§ **What is expected**:
All of the data goes into your copy exactly as written. Images do not.

§ **Data for this exercise**:
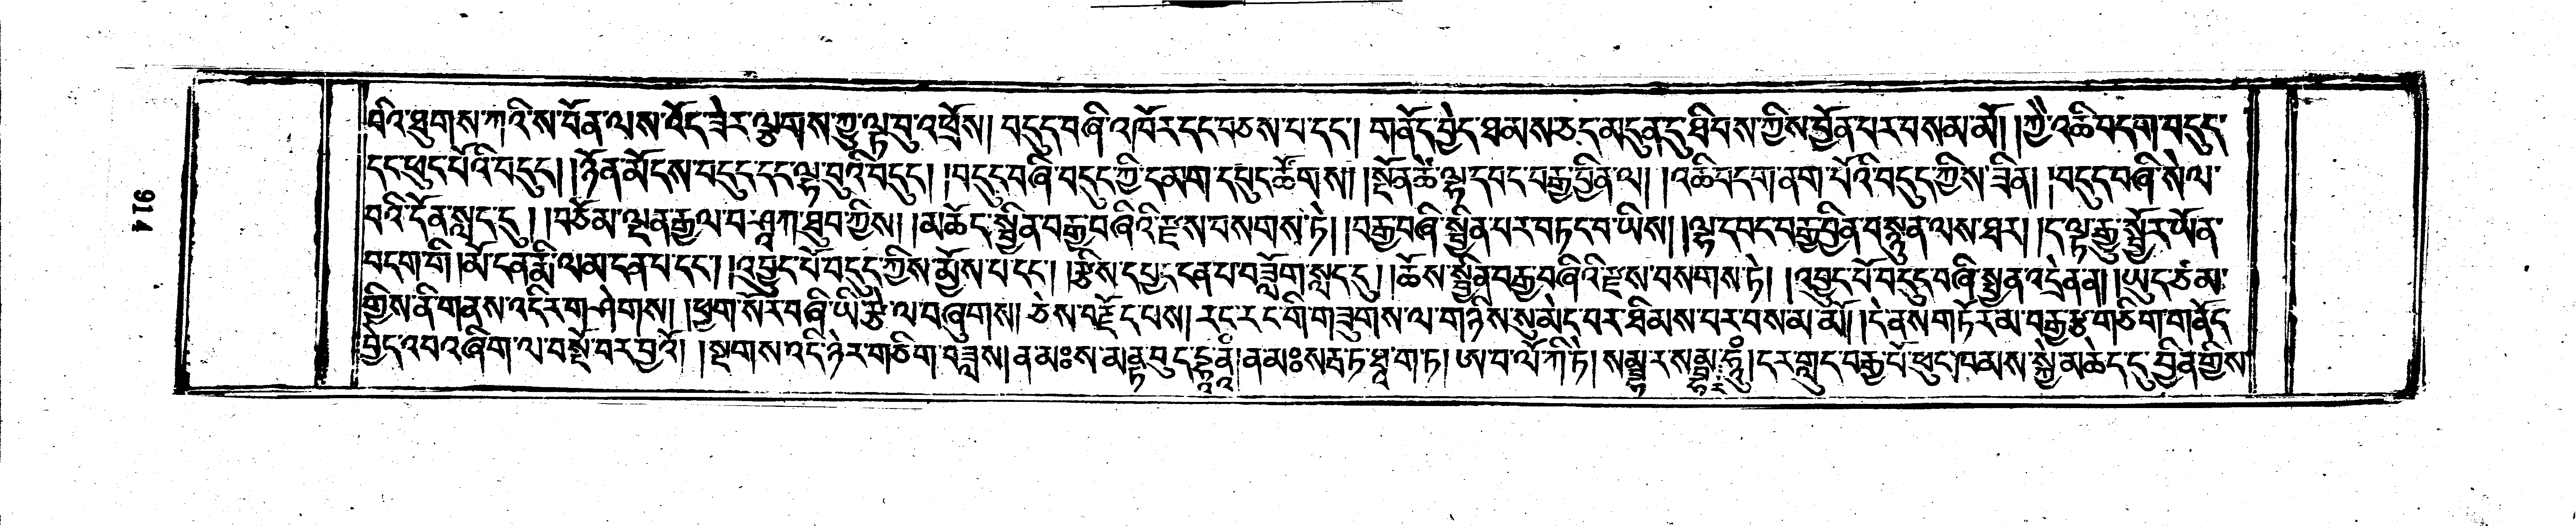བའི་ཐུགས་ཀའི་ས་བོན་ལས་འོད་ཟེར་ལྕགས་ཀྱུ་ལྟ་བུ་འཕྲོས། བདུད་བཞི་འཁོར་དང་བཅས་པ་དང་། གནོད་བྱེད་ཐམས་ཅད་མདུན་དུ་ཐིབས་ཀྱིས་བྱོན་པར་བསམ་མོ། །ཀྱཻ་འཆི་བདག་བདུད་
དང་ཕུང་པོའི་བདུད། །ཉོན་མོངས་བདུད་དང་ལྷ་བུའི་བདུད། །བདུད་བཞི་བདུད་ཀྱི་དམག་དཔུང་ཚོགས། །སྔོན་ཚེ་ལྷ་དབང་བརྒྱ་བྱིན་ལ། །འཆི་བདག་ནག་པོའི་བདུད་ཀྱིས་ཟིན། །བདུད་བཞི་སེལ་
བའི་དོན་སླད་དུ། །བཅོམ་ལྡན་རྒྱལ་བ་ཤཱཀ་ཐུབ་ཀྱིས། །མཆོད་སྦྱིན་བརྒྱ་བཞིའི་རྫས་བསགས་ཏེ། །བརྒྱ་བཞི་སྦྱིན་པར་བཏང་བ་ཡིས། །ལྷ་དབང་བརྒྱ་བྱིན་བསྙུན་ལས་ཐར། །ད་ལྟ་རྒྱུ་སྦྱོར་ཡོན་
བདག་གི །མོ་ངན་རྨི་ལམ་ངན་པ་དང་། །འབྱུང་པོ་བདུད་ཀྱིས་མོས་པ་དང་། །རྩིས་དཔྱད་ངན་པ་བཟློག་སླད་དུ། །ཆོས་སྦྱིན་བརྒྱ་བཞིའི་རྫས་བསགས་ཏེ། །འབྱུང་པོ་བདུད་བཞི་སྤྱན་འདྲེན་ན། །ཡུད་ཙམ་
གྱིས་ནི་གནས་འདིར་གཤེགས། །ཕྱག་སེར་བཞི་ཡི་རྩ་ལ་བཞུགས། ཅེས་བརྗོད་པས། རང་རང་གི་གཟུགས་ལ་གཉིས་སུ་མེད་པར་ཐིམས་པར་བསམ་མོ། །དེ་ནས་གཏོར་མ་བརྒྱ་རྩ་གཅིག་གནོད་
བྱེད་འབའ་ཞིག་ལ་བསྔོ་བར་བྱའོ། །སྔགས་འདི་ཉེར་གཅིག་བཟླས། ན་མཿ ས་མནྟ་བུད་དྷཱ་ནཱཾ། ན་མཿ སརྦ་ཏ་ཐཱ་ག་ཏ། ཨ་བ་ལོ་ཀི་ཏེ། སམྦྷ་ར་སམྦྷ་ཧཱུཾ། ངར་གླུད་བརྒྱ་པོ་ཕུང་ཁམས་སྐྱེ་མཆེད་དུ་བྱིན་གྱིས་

§ **Output for this exercise**:
བའི་ཐུགས་ཀའི་ས་བོན་ལས་འོད་ཟེར་ལྕགས་ཀྱུ་ལྟ་བུ་འཕྲོས། བདུད་བཞི་འཁོར་དང་བཅས་པ་དང་། གནོད་བྱེད་ཐམས་ཅད་མདུན་དུ་ཐིབས་ཀྱིས་བྱོན་པར་བསམ་མོ། །ཀྱཻ་འཆི་བདག་བདུད་
དང་ཕུང་པོའི་བདུད། །ཉོན་མོངས་བདུད་དང་ལྷ་བུའི་བདུད། །བདུད་བཞི་བདུད་ཀྱི་དམག་དཔུང་ཚོགས། །སྔོན་ཚེ་ལྷ་དབང་བརྒྱ་བྱིན་ལ། །འཆི་བདག་ནག་པོའི་བདུད་ཀྱིས་ཟིན། །བདུད་བཞི་སེལ་
བའི་དོན་སླད་དུ། །བཅོམ་ལྡན་རྒྱལ་བ་ཤཱཀ་ཐུབ་ཀྱིས། །མཆོད་སྦྱིན་བརྒྱ་བཞིའི་རྫས་བསགས་ཏེ། །བརྒྱ་བཞི་སྦྱིན་པར་བཏང་བ་ཡིས། །ལྷ་དབང་བརྒྱ་བྱིན་བསྙུན་ལས་ཐར། །ད་ལྟ་རྒྱུ་སྦྱོར་ཡོན་
བདག་གི །མོ་ངན་རྨི་ལམ་ངན་པ་དང་། །འབྱུང་པོ་བདུད་ཀྱིས་མོས་པ་དང་། །རྩིས་དཔྱད་ངན་པ་བཟློག་སླད་དུ། །ཆོས་སྦྱིན་བརྒྱ་བཞིའི་རྫས་བསགས་ཏེ། །འབྱུང་པོ་བདུད་བཞི་སྤྱན་འདྲེན་ན། །ཡུད་ཙམ་
གྱིས་ནི་གནས་འདིར་གཤེགས། །ཕྱག་སེར་བཞི་ཡི་རྩ་ལ་བཞུགས། ཅེས་བརྗོད་པས། རང་རང་གི་གཟུགས་ལ་གཉིས་སུ་མེད་པར་ཐིམས་པར་བསམ་མོ། །དེ་ནས་གཏོར་མ་བརྒྱ་རྩ་གཅིག་གནོད་
བྱེད་འབའ་ཞིག་ལ་བསྔོ་བར་བྱའོ། །སྔགས་འདི་ཉེར་གཅིག་བཟླས། ན་མཿ ས་མནྟ་བུད་དྷཱ་ནཱཾ། ན་མཿ སརྦ་ཏ་ཐཱ་ག་ཏ། ཨ་བ་ལོ་ཀི་ཏེ། སམྦྷ་ར་སམྦྷ་ཧཱུཾ། ངར་གླུད་བརྒྱ་པོ་ཕུང་ཁམས་སྐྱེ་མཆེད་དུ་བྱིན་གྱིས་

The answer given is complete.